Sentiment analysis (also known as opinion mining) refers to the use of natural language processing, text analysis and computational linguistics to identify and extract subjective information in source materials. The code given in the repository is implemented in python and is using Naive Bayes Classifier and also it's improved version.
This was built in Python 3.4 and please refer to the pre-requistes required for running it successfully.
- Python 3.4 (although it shoudn't have problem running on other Python versions apart from some syntax changes)
- NLTK for Python
- Stopwords corpus
- Wordnet corpus
- Clone/Download zip of SentAnalysis.
- Extract content of the zip.
- Run mainFile.py in IDLE or cmd and you would see the following -
Enter file name: twitterData.csv #Enter the filename(enter path also if stored in another location)

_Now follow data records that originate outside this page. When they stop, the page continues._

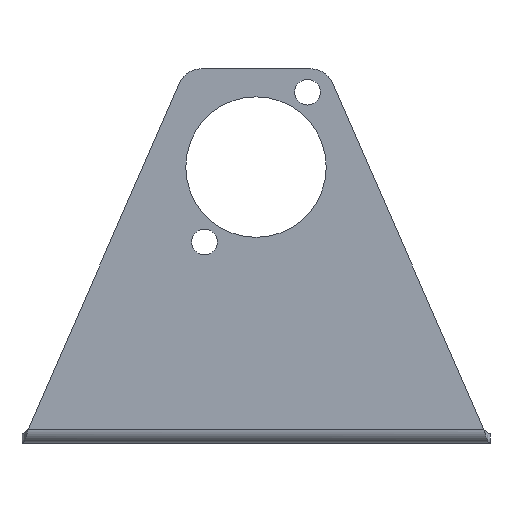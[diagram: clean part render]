
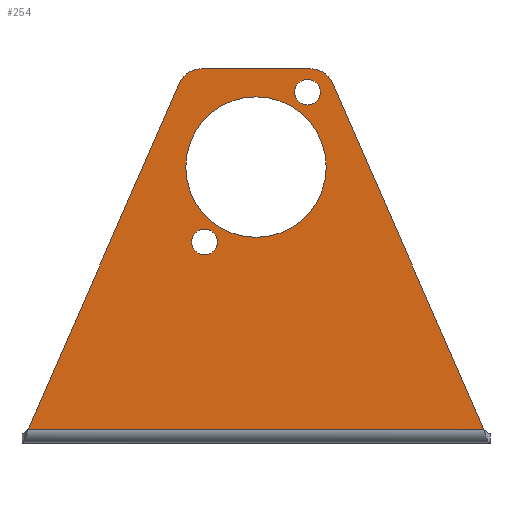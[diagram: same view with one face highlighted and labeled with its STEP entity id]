
A CAD part, left-side view. The second image highlights one B-rep face of the part: STEP entity #254.
In plain terms, the highlighted planar face has unit normal (-1, 0, 0).
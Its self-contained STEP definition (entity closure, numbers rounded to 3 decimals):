
#10 = PLANE ( 'NONE',  #872 ) ;
#18 = CARTESIAN_POINT ( 'NONE',  ( 0., 11.73, -5. ) ) ;
#49 = ORIENTED_EDGE ( 'NONE', *, *, #210, .F. ) ;
#53 = EDGE_CURVE ( 'NONE', #245, #245, #703, .T. ) ;
#70 = CARTESIAN_POINT ( 'NONE',  ( 0., 0., -36. ) ) ;
#77 = ORIENTED_EDGE ( 'NONE', *, *, #728, .F. ) ;
#93 = DIRECTION ( 'NONE',  ( -1., 0., 0. ) ) ;
#98 = CIRCLE ( 'NONE', #786, 5. ) ;
#99 = DIRECTION ( 'NONE',  ( 0., 0., 1. ) ) ;
#140 = DIRECTION ( 'NONE',  ( -1., 0., 0. ) ) ;
#146 = EDGE_CURVE ( 'NONE', #150, #453, #934, .T. ) ;
#150 = VERTEX_POINT ( 'NONE', #860 ) ;
#175 = FACE_BOUND ( 'NONE', #1018, .T. ) ;
#184 = DIRECTION ( 'NONE',  ( 0., -0.401, -0.916 ) ) ;
#185 = EDGE_LOOP ( 'NONE', ( #708 ) ) ;
#198 = CARTESIAN_POINT ( 'NONE',  ( 0., -11.73, 0. ) ) ;
#210 = EDGE_CURVE ( 'NONE', #150, #546, #789, .T. ) ;
#230 = VECTOR ( 'NONE', #663, 1000. ) ;
#241 = EDGE_CURVE ( 'NONE', #956, #357, #792, .T. ) ;
#245 = VERTEX_POINT ( 'NONE', #943 ) ;
#250 = DIRECTION ( 'NONE',  ( 1., 0., 0. ) ) ;
#254 = ADVANCED_FACE ( 'NONE', ( #968, #175, #773, #570 ), #10, .T. ) ;
#288 = CARTESIAN_POINT ( 'NONE',  ( 0., 50., -77. ) ) ;
#325 = ORIENTED_EDGE ( 'NONE', *, *, #955, .T. ) ;
#341 = DIRECTION ( 'NONE',  ( 1., 0., 0. ) ) ;
#351 = CARTESIAN_POINT ( 'NONE',  ( 0., 11., -37. ) ) ;
#354 = ORIENTED_EDGE ( 'NONE', *, *, #53, .T. ) ;
#357 = VERTEX_POINT ( 'NONE', #198 ) ;
#382 = ORIENTED_EDGE ( 'NONE', *, *, #241, .T. ) ;
#395 = AXIS2_PLACEMENT_3D ( 'NONE', #801, #341, #892 ) ;
#398 = CIRCLE ( 'NONE', #908, 15. ) ;
#413 = VERTEX_POINT ( 'NONE', #618 ) ;
#423 = DIRECTION ( 'NONE',  ( 0., 0., -1. ) ) ;
#444 = LINE ( 'NONE', #909, #230 ) ;
#453 = VERTEX_POINT ( 'NONE', #482 ) ;
#480 = CARTESIAN_POINT ( 'NONE',  ( 0., -50., -80. ) ) ;
#482 = CARTESIAN_POINT ( 'NONE',  ( 0., -48.688, -77. ) ) ;
#510 = AXIS2_PLACEMENT_3D ( 'NONE', #606, #140, #680 ) ;
#524 = DIRECTION ( 'NONE',  ( 0., -1., 0. ) ) ;
#546 = VERTEX_POINT ( 'NONE', #835 ) ;
#555 = CARTESIAN_POINT ( 'NONE',  ( 0., 11.73, 0. ) ) ;
#563 = CARTESIAN_POINT ( 'NONE',  ( 0., 0., 0. ) ) ;
#567 = DIRECTION ( 'NONE',  ( -1., 0., 0. ) ) ;
#570 = FACE_OUTER_BOUND ( 'NONE', #937, .T. ) ;
#606 = CARTESIAN_POINT ( 'NONE',  ( 0., -11.73, -5. ) ) ;
#618 = CARTESIAN_POINT ( 'NONE',  ( 0., 11., -39.75 ) ) ;
#623 = VERTEX_POINT ( 'NONE', #70 ) ;
#631 = DIRECTION ( 'NONE',  ( 0., 0., 1. ) ) ;
#632 = VERTEX_POINT ( 'NONE', #555 ) ;
#649 = DIRECTION ( 'NONE',  ( 0., -0.401, 0.916 ) ) ;
#663 = DIRECTION ( 'NONE',  ( 0., -1., 0. ) ) ;
#680 = DIRECTION ( 'NONE',  ( 0., 0., 1. ) ) ;
#686 = AXIS2_PLACEMENT_3D ( 'NONE', #351, #903, #423 ) ;
#703 = CIRCLE ( 'NONE', #395, 2.75 ) ;
#704 = VECTOR ( 'NONE', #524, 1000. ) ;
#707 = CIRCLE ( 'NONE', #686, 2.75 ) ;
#708 = ORIENTED_EDGE ( 'NONE', *, *, #790, .T. ) ;
#719 = CARTESIAN_POINT ( 'NONE',  ( 0., 0., -21. ) ) ;
#728 = EDGE_CURVE ( 'NONE', #632, #357, #444, .T. ) ;
#732 = CARTESIAN_POINT ( 'NONE',  ( 0., -16.311, -2.996 ) ) ;
#740 = VECTOR ( 'NONE', #184, 1000. ) ;
#743 = ORIENTED_EDGE ( 'NONE', *, *, #146, .T. ) ;
#763 = LINE ( 'NONE', #480, #740 ) ;
#770 = VECTOR ( 'NONE', #649, 1000. ) ;
#773 = FACE_BOUND ( 'NONE', #945, .T. ) ;
#786 = AXIS2_PLACEMENT_3D ( 'NONE', #18, #567, #99 ) ;
#789 = LINE ( 'NONE', #808, #770 ) ;
#790 = EDGE_CURVE ( 'NONE', #623, #623, #398, .T. ) ;
#792 = CIRCLE ( 'NONE', #510, 5. ) ;
#798 = DIRECTION ( 'NONE',  ( 0., 0., -1. ) ) ;
#801 = CARTESIAN_POINT ( 'NONE',  ( 0., -11., -5. ) ) ;
#808 = CARTESIAN_POINT ( 'NONE',  ( 0., 15., 0. ) ) ;
#835 = CARTESIAN_POINT ( 'NONE',  ( 0., 16.311, -2.996 ) ) ;
#854 = EDGE_CURVE ( 'NONE', #956, #453, #763, .T. ) ;
#860 = CARTESIAN_POINT ( 'NONE',  ( 0., 48.688, -77. ) ) ;
#872 = AXIS2_PLACEMENT_3D ( 'NONE', #563, #93, #631 ) ;
#892 = DIRECTION ( 'NONE',  ( 0., 0., -1. ) ) ;
#893 = ORIENTED_EDGE ( 'NONE', *, *, #854, .F. ) ;
#903 = DIRECTION ( 'NONE',  ( 1., 0., 0. ) ) ;
#908 = AXIS2_PLACEMENT_3D ( 'NONE', #719, #250, #798 ) ;
#909 = CARTESIAN_POINT ( 'NONE',  ( 0., 0., 0. ) ) ;
#921 = EDGE_CURVE ( 'NONE', #413, #413, #707, .T. ) ;
#934 = LINE ( 'NONE', #288, #704 ) ;
#937 = EDGE_LOOP ( 'NONE', ( #893, #382, #77, #325, #49, #743 ) ) ;
#943 = CARTESIAN_POINT ( 'NONE',  ( 0., -11., -7.75 ) ) ;
#945 = EDGE_LOOP ( 'NONE', ( #354 ) ) ;
#948 = ORIENTED_EDGE ( 'NONE', *, *, #921, .T. ) ;
#955 = EDGE_CURVE ( 'NONE', #632, #546, #98, .T. ) ;
#956 = VERTEX_POINT ( 'NONE', #732 ) ;
#968 = FACE_BOUND ( 'NONE', #185, .T. ) ;
#1018 = EDGE_LOOP ( 'NONE', ( #948 ) ) ;

Enter number of records to be read: 5000 #The top n records will be taken from the dataset for creating the model
Processing..
NBC or improved NBC? Enter NBC/iNBC:
(Improved NBC takes into account high information words and removes the low information words, cutoff set to 5) - iNBC
Improved NBC is running..
Accuracy = 75.15974440894568%
Enter sample text to determine sentiment: @VirginAmerica completely awesome experience last month BOS-LAS nonstop. Thanks for such an awesome flight and depart time. #VAbeatsJblue
positive
- Extract the zip content
- Open cmd
- Run the following commands -
cd "folderpath where zip is extracted"
python setup.py install
- Extract the contents in your python directory.